## Exercise description:
Please repeat every record exactly, leaving out any pictures.

Stored items:
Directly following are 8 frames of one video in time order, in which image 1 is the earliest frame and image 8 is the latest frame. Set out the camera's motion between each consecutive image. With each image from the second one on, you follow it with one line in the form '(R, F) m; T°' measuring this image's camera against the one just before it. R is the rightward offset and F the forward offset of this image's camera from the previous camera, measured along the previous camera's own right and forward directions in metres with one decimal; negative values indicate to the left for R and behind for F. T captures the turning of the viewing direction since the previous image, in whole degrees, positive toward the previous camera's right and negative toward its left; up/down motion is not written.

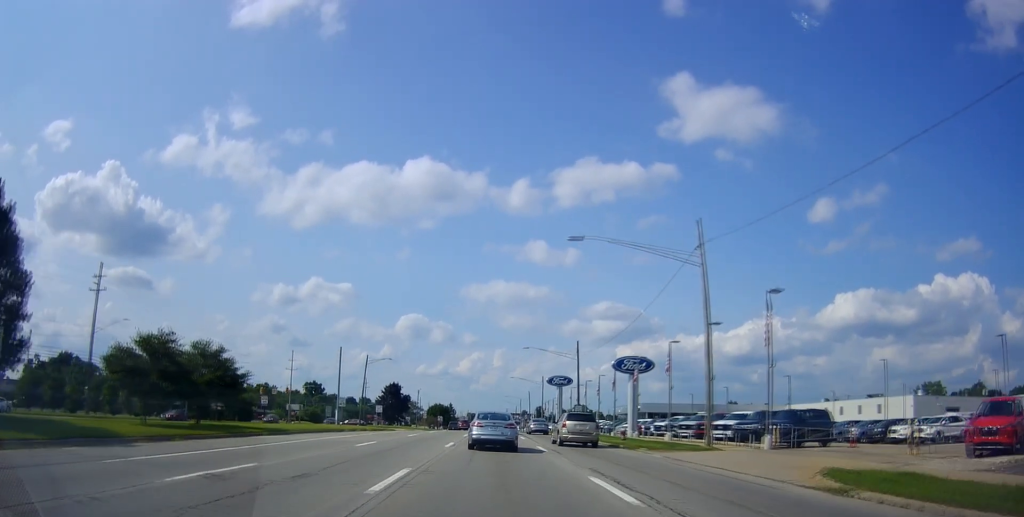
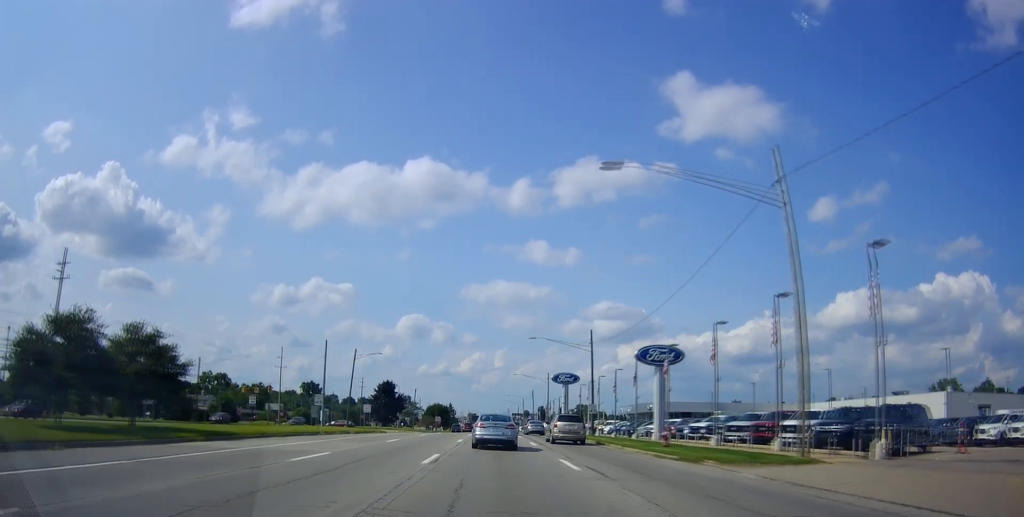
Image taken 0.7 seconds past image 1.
(-0.5, +8.4) m; 0°
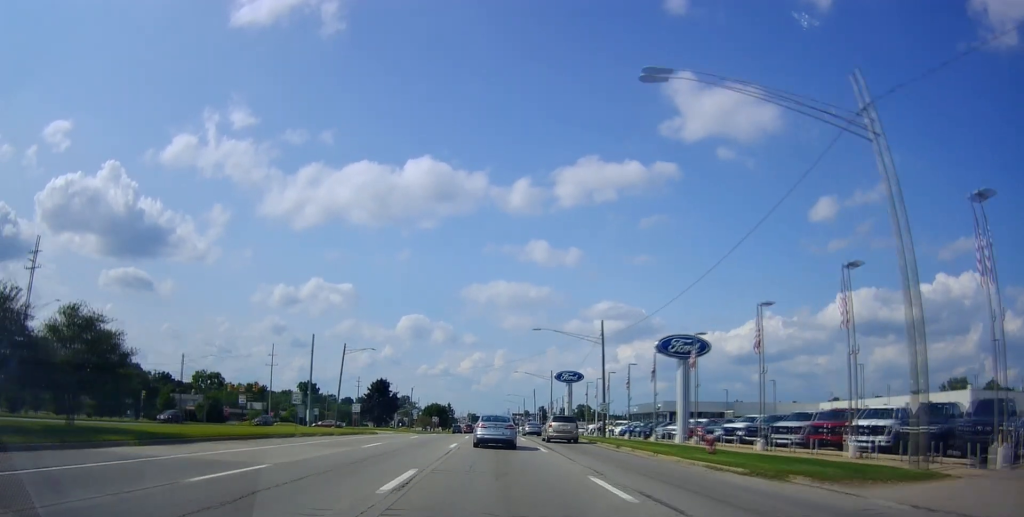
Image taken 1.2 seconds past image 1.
(-0.2, +5.8) m; +1°
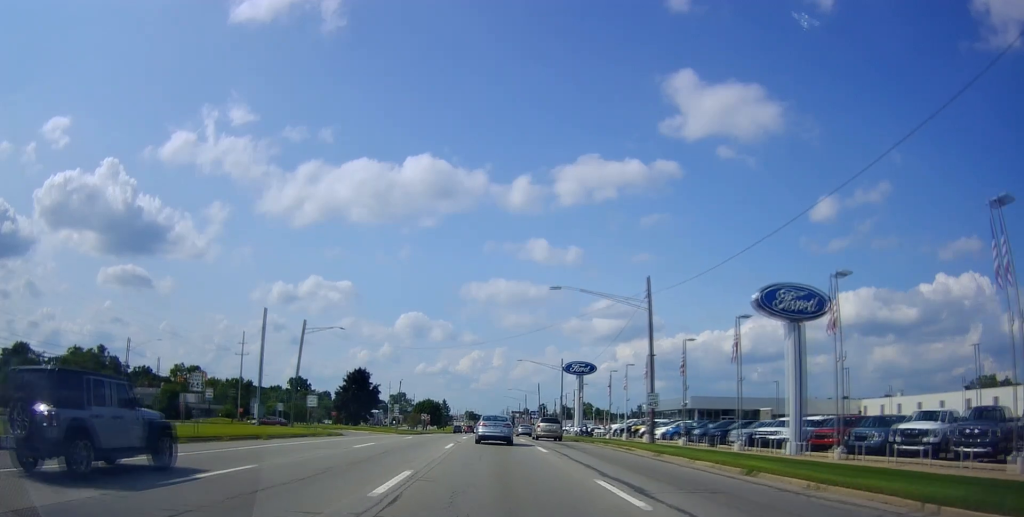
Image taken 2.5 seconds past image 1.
(+0.9, +15.9) m; +3°
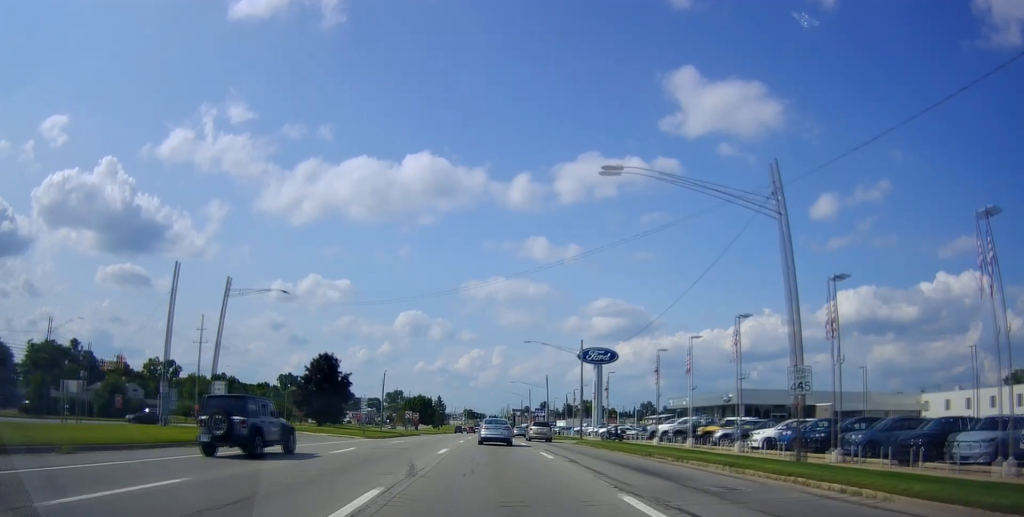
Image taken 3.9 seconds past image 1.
(0.0, +17.7) m; -1°
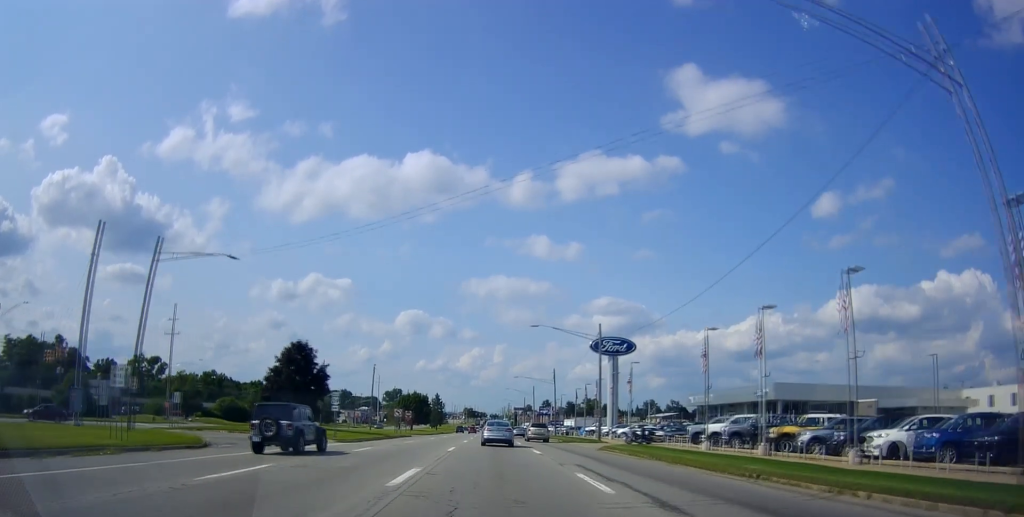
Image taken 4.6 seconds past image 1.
(-0.2, +10.1) m; 0°
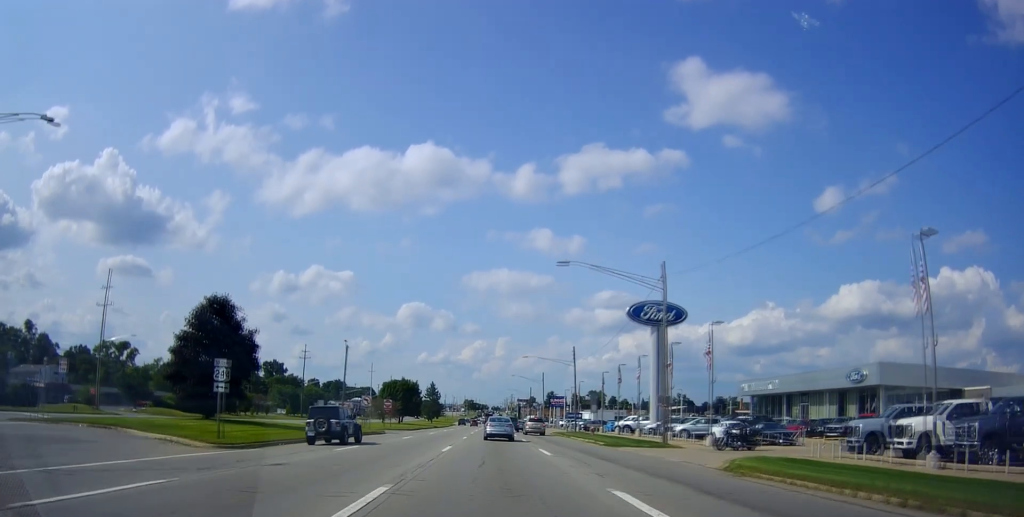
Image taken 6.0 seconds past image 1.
(+0.2, +19.1) m; +1°
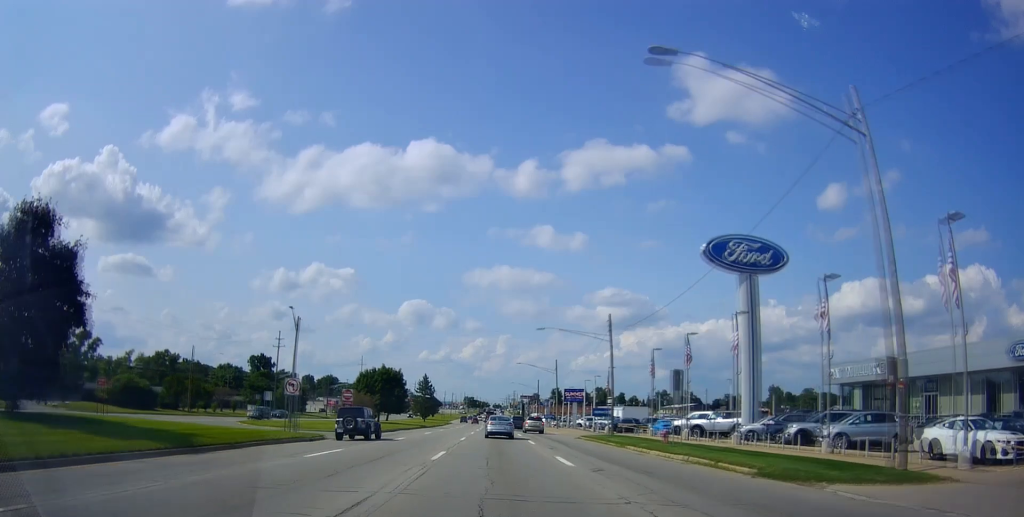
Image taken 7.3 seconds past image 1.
(+0.1, +20.0) m; 0°

## Answer area:
Directly following are 8 frames of one video in time order, in which image 1 is the earliest frame and image 8 is the latest frame. Set out the camera's motion between each consecutive image. With each image from the second one on, you follow it with one line in the form '(R, F) m; T°' measuring this image's camera against the one just before it. R is the rightward offset and F the forward offset of this image's camera from the previous camera, measured along the previous camera's own right and forward directions in metres with one decimal; negative values indicate to the left for R and behind for F. T captures the turning of the viewing direction since the previous image, in whole degrees, positive toward the previous camera's right and negative toward its left; up/down motion is not written.

Image taken 0.7 seconds past image 1.
(-0.5, +8.4) m; 0°
Image taken 1.2 seconds past image 1.
(-0.2, +5.8) m; +1°
Image taken 2.5 seconds past image 1.
(+0.9, +15.9) m; +3°
Image taken 3.9 seconds past image 1.
(0.0, +17.7) m; -1°
Image taken 4.6 seconds past image 1.
(-0.2, +10.1) m; 0°
Image taken 6.0 seconds past image 1.
(+0.2, +19.1) m; +1°
Image taken 7.3 seconds past image 1.
(+0.1, +20.0) m; 0°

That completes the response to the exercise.